■ **TASK TO CARRY OUT**: Leave the images aside and copy out the whole listing, exact to the word.

■ **SUPPLIED RECORDS**:
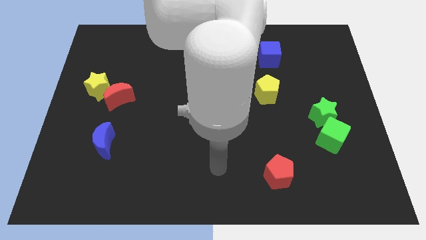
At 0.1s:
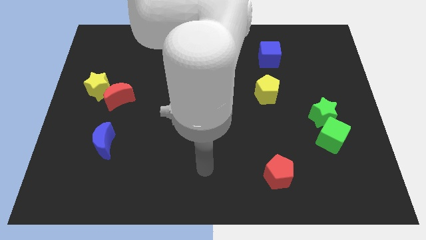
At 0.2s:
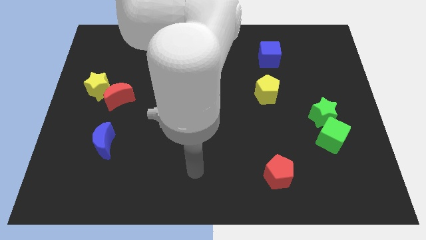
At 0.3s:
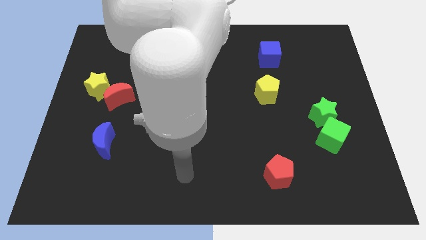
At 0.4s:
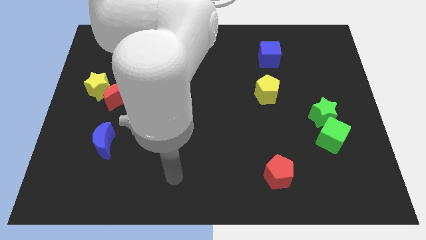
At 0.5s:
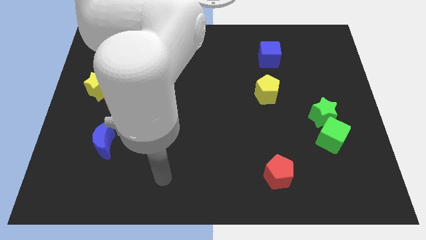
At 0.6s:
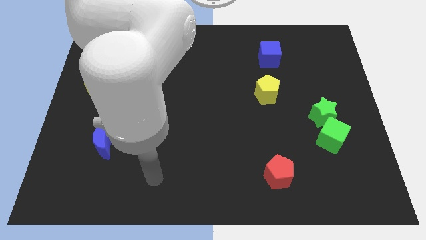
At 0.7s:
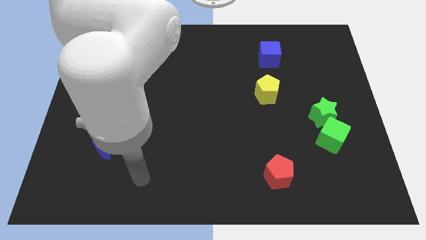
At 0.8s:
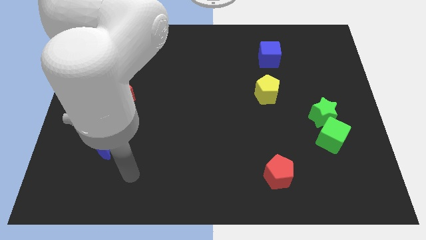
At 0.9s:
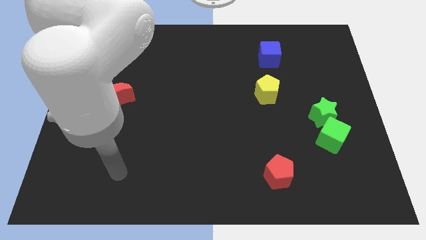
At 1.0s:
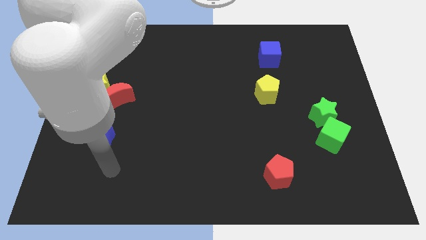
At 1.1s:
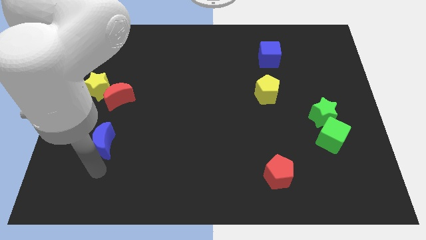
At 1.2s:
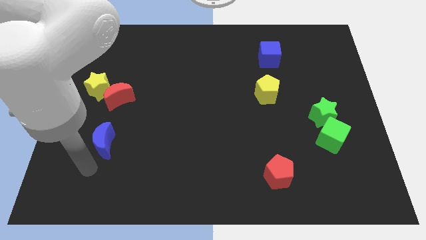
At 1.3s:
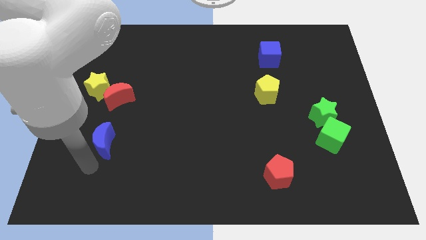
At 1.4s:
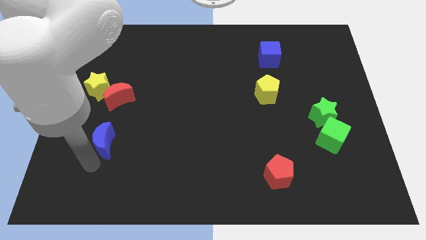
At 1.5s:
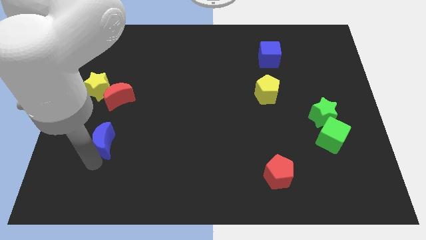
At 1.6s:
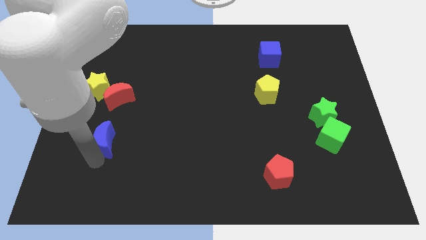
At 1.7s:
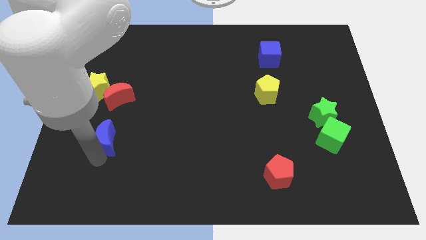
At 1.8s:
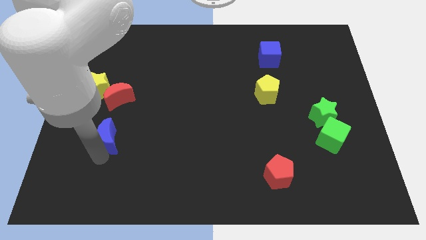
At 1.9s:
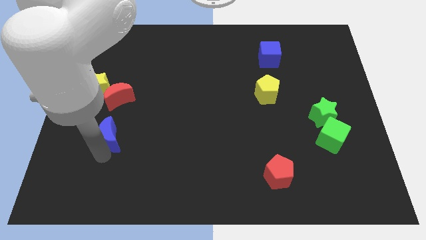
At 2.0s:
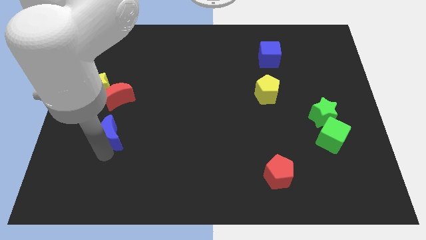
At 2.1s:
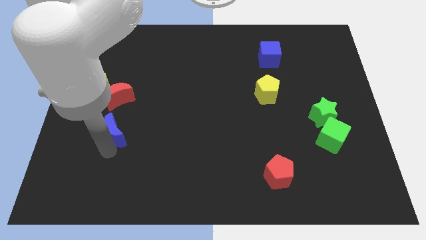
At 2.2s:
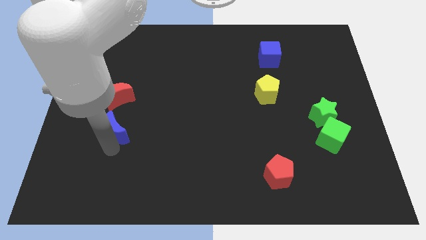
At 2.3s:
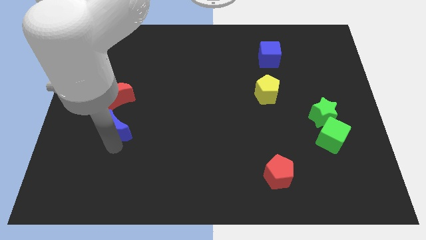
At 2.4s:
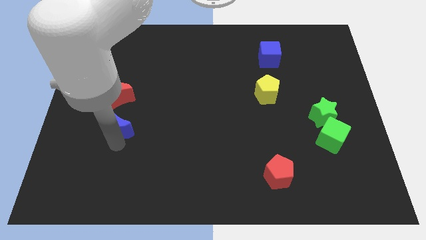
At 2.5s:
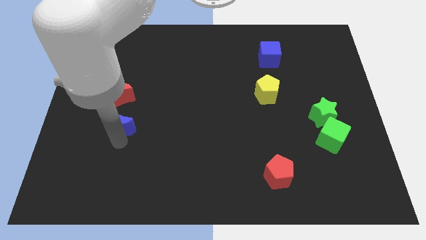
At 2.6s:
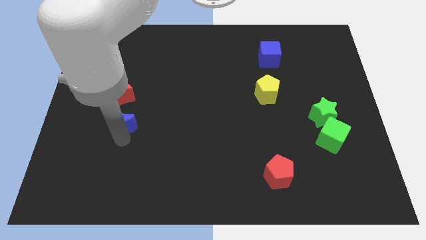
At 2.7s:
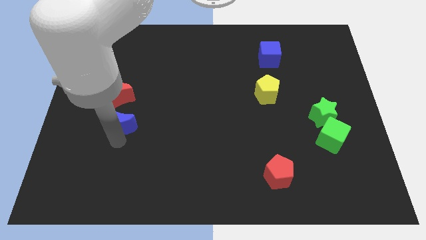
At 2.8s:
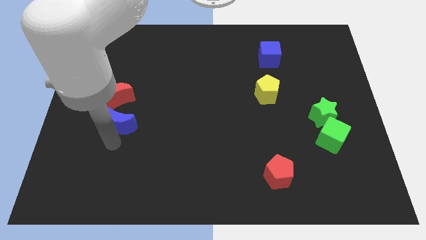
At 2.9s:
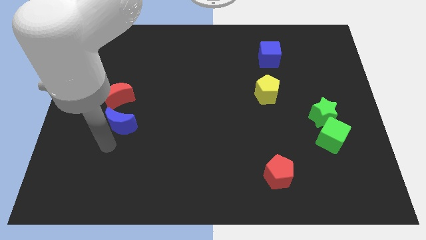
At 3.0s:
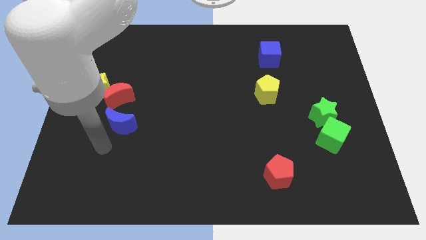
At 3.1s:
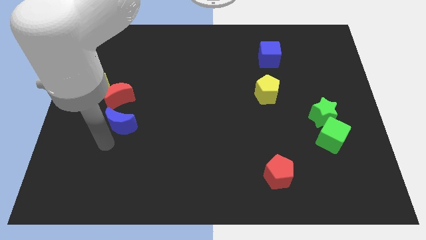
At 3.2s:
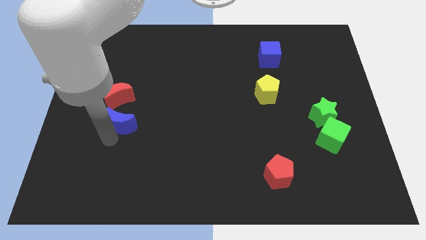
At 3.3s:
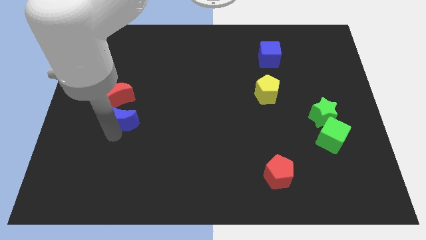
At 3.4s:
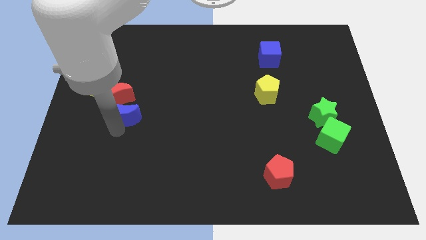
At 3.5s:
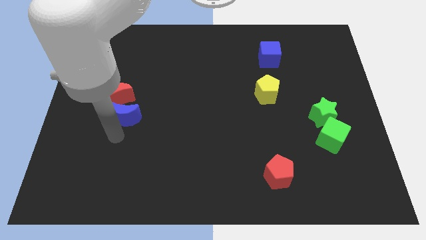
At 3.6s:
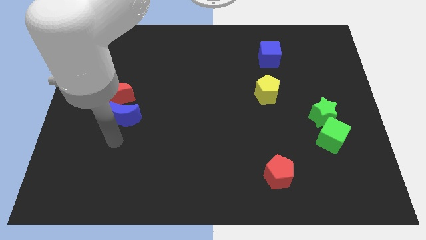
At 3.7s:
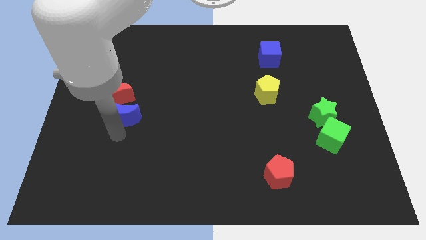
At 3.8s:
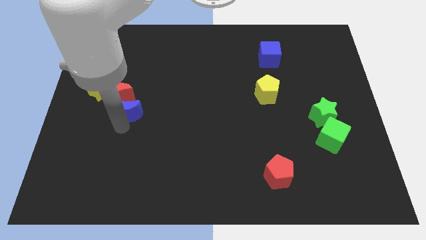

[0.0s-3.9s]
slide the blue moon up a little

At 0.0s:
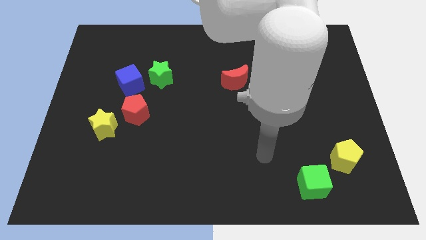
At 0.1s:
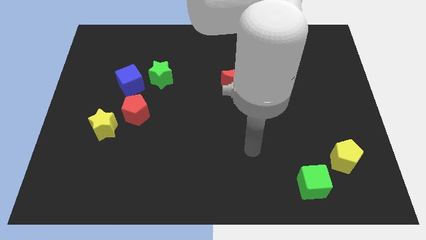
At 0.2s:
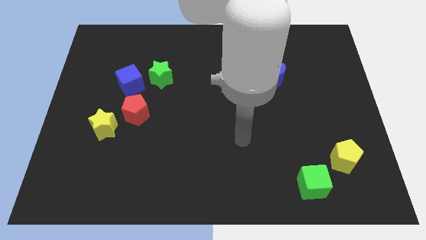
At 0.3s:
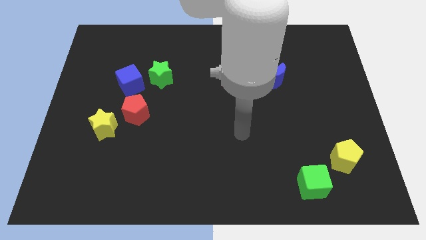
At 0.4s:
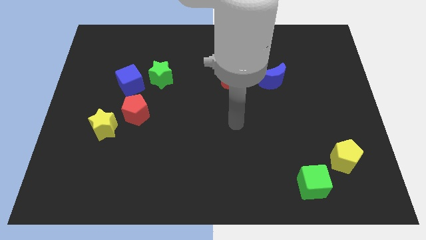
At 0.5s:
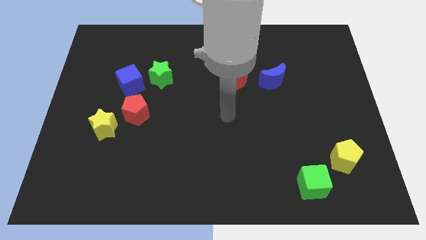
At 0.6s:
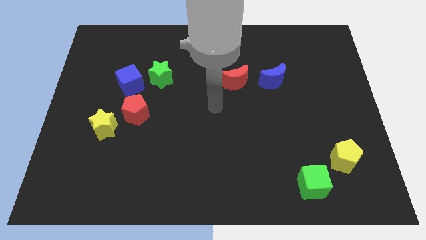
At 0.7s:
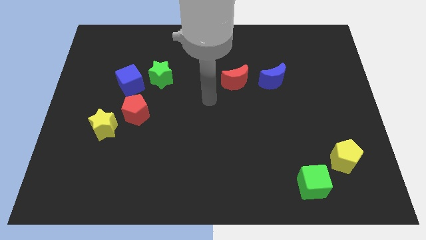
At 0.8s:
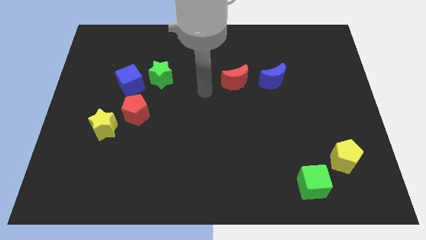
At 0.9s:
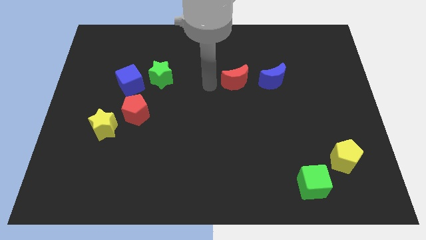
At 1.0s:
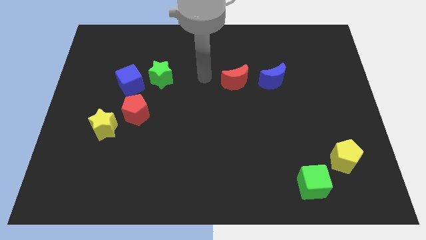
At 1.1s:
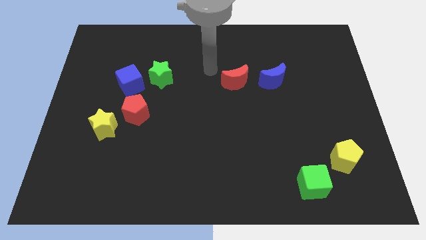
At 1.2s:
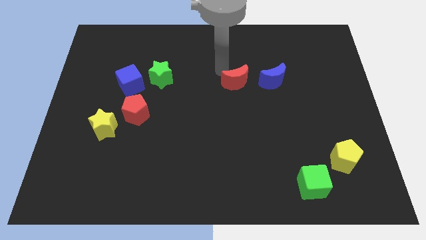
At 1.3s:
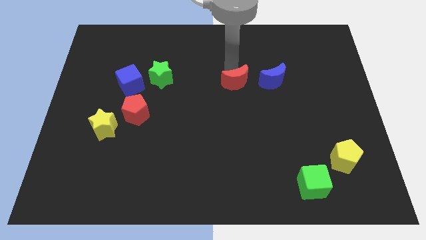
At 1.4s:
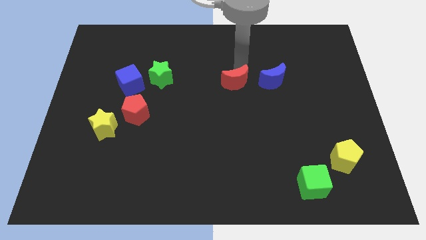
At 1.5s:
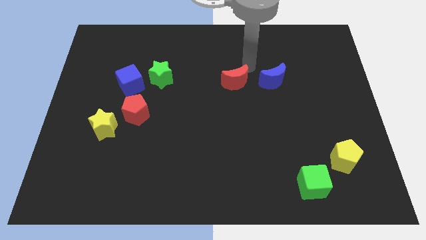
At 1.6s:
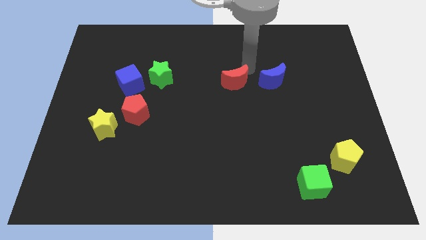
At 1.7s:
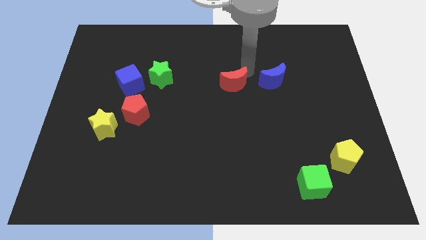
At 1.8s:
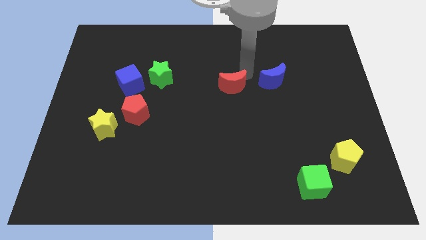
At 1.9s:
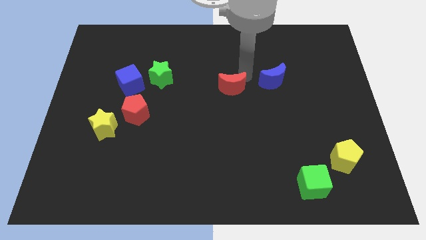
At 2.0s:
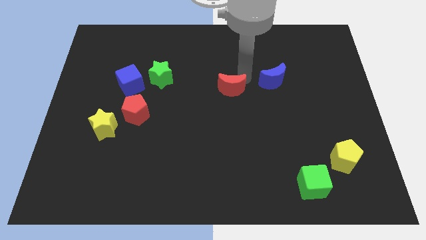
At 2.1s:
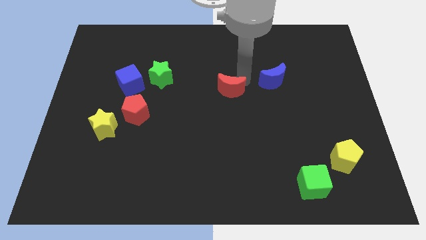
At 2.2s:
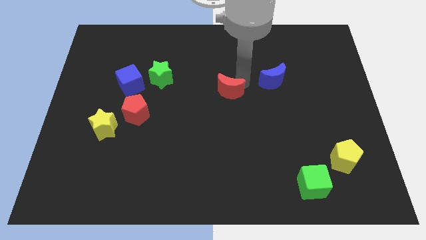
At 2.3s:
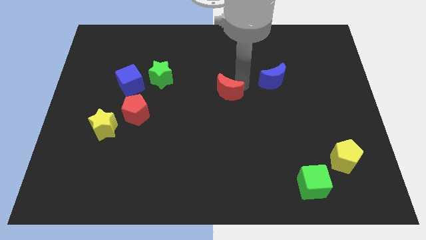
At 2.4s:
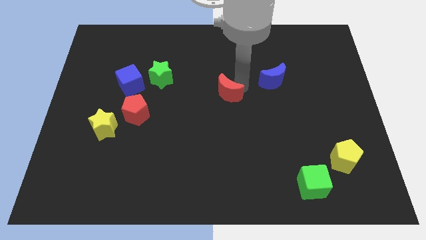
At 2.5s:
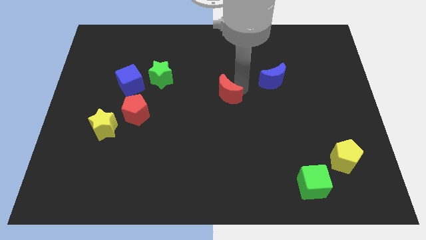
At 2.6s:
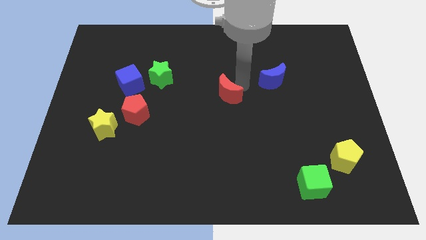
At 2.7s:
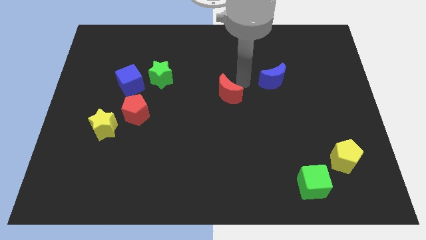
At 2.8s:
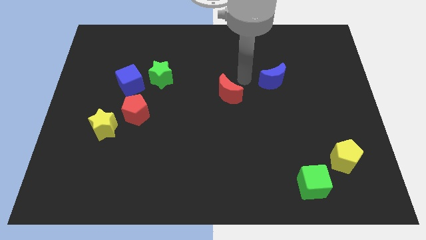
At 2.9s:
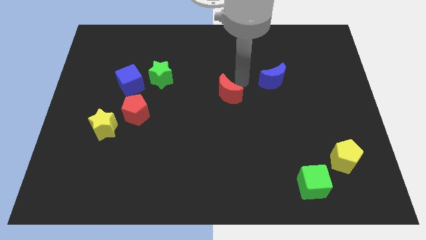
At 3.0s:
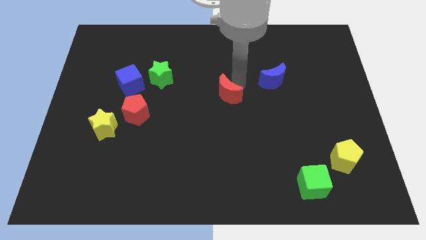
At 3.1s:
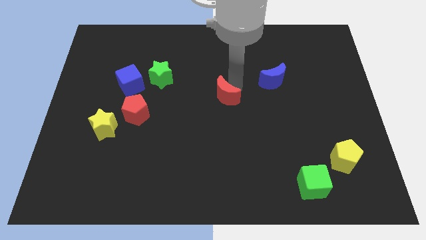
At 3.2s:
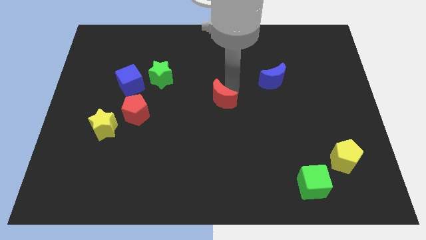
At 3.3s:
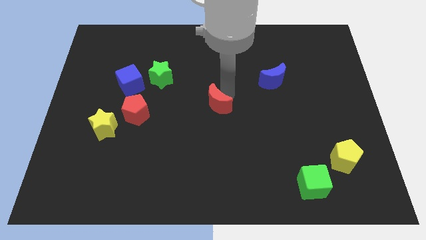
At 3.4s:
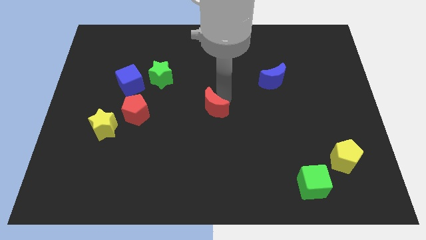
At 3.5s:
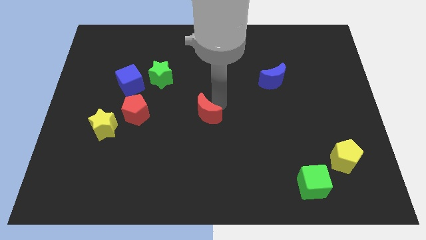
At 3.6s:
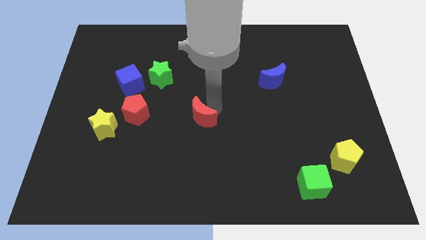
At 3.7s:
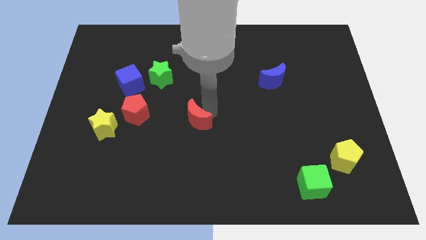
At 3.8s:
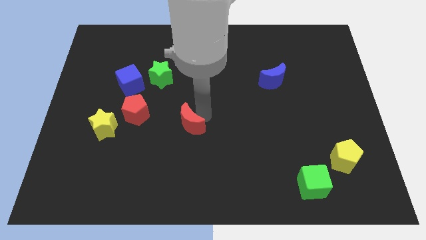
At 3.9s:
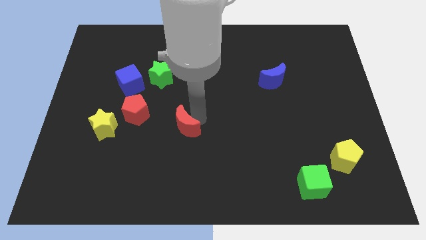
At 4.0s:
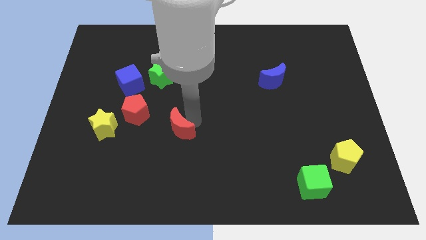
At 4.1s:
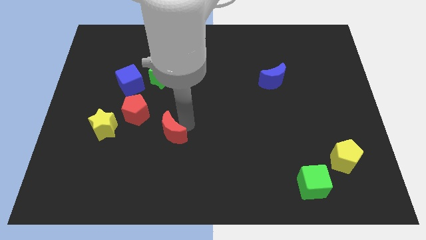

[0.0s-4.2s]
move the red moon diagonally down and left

■ **OUTPUT OF THE TASK**:
At 0.1s:
At 0.2s:
At 0.3s:
At 0.4s:
At 0.5s:
At 0.6s:
At 0.7s:
At 0.8s:
At 0.9s:
At 1.0s:
At 1.1s:
At 1.2s:
At 1.3s:
At 1.4s:
At 1.5s:
At 1.6s:
At 1.7s:
At 1.8s:
At 1.9s:
At 2.0s:
At 2.1s:
At 2.2s:
At 2.3s:
At 2.4s:
At 2.5s:
At 2.6s:
At 2.7s:
At 2.8s:
At 2.9s:
At 3.0s:
At 3.1s:
At 3.2s:
At 3.3s:
At 3.4s:
At 3.5s:
At 3.6s:
At 3.7s:
At 3.8s:

[0.0s-3.9s]
slide the blue moon up a little

At 0.0s:
At 0.1s:
At 0.2s:
At 0.3s:
At 0.4s:
At 0.5s:
At 0.6s:
At 0.7s:
At 0.8s:
At 0.9s:
At 1.0s:
At 1.1s:
At 1.2s:
At 1.3s:
At 1.4s:
At 1.5s:
At 1.6s:
At 1.7s:
At 1.8s:
At 1.9s:
At 2.0s:
At 2.1s:
At 2.2s:
At 2.3s:
At 2.4s:
At 2.5s:
At 2.6s:
At 2.7s:
At 2.8s:
At 2.9s:
At 3.0s:
At 3.1s:
At 3.2s:
At 3.3s:
At 3.4s:
At 3.5s:
At 3.6s:
At 3.7s:
At 3.8s:
At 3.9s:
At 4.0s:
At 4.1s:

[0.0s-4.2s]
move the red moon diagonally down and left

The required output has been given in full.